EXTRACTED INFORMATION —
● ● ● ● ● ● ●

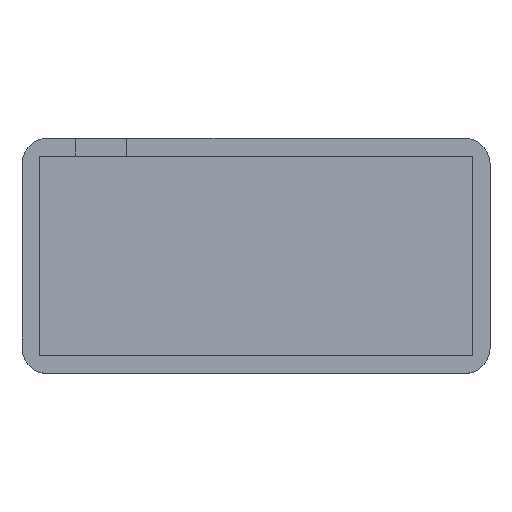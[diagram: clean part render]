
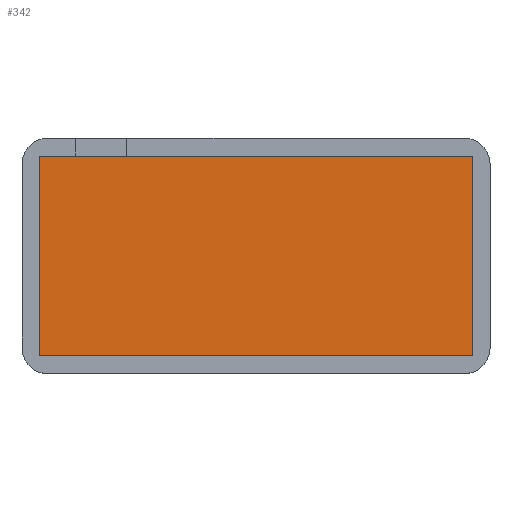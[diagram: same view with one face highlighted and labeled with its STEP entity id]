
A CAD part, top view. The second image highlights one B-rep face of the part: STEP entity #342.
In plain terms, the highlighted planar face has unit normal (0, 0, 1).
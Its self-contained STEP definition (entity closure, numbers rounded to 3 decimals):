
#36=FACE_OUTER_BOUND('',#54,.T.);
#54=EDGE_LOOP('',(#263,#264,#265,#266));
#90=LINE('',#554,#130);
#91=LINE('',#556,#131);
#92=LINE('',#558,#132);
#93=LINE('',#559,#133);
#130=VECTOR('',#444,10.);
#131=VECTOR('',#445,10.);
#132=VECTOR('',#446,10.);
#133=VECTOR('',#447,10.);
#169=VERTEX_POINT('',#552);
#170=VERTEX_POINT('',#553);
#171=VERTEX_POINT('',#555);
#172=VERTEX_POINT('',#557);
#206=EDGE_CURVE('',#169,#170,#90,.T.);
#207=EDGE_CURVE('',#171,#169,#91,.T.);
#208=EDGE_CURVE('',#172,#171,#92,.T.);
#209=EDGE_CURVE('',#170,#172,#93,.T.);
#263=ORIENTED_EDGE('',*,*,#206,.F.);
#264=ORIENTED_EDGE('',*,*,#207,.F.);
#265=ORIENTED_EDGE('',*,*,#208,.F.);
#266=ORIENTED_EDGE('',*,*,#209,.F.);
#328=PLANE('',#379);
#342=ADVANCED_FACE('',(#36),#328,.T.);
#379=AXIS2_PLACEMENT_3D('',#551,#442,#443);
#442=DIRECTION('center_axis',(0.,0.,1.));
#443=DIRECTION('ref_axis',(1.,0.,0.));
#444=DIRECTION('',(0.,1.,0.));
#445=DIRECTION('',(-1.,0.,0.));
#446=DIRECTION('',(0.,-1.,0.));
#447=DIRECTION('',(1.,0.,0.));
#551=CARTESIAN_POINT('Origin',(42.25,19.5,3.));
#552=CARTESIAN_POINT('',(0.,0.,3.));
#553=CARTESIAN_POINT('',(0.,39.,3.));
#554=CARTESIAN_POINT('',(0.,9.75,3.));
#555=CARTESIAN_POINT('',(84.5,0.,3.));
#556=CARTESIAN_POINT('',(63.375,0.,3.));
#557=CARTESIAN_POINT('',(84.5,39.,3.));
#558=CARTESIAN_POINT('',(84.5,29.25,3.));
#559=CARTESIAN_POINT('',(21.125,39.,3.));

● ● ● ● ● ● ●

ASSIGNMENT —
Omitting all pictures, restate exactly the lines of the material from its start through the line that contains "#93=LINE('',#559,#133);".

RESPONSE BELOW —
[diagram: clean part render]
[diagram: same view with one face highlighted and labeled with its STEP entity id]
A CAD part, top view. The second image highlights one B-rep face of the part: STEP entity #342.
In plain terms, the highlighted planar face has unit normal (0, 0, 1).
Its self-contained STEP definition (entity closure, numbers rounded to 3 decimals):
#36=FACE_OUTER_BOUND('',#54,.T.);
#54=EDGE_LOOP('',(#263,#264,#265,#266));
#90=LINE('',#554,#130);
#91=LINE('',#556,#131);
#92=LINE('',#558,#132);
#93=LINE('',#559,#133);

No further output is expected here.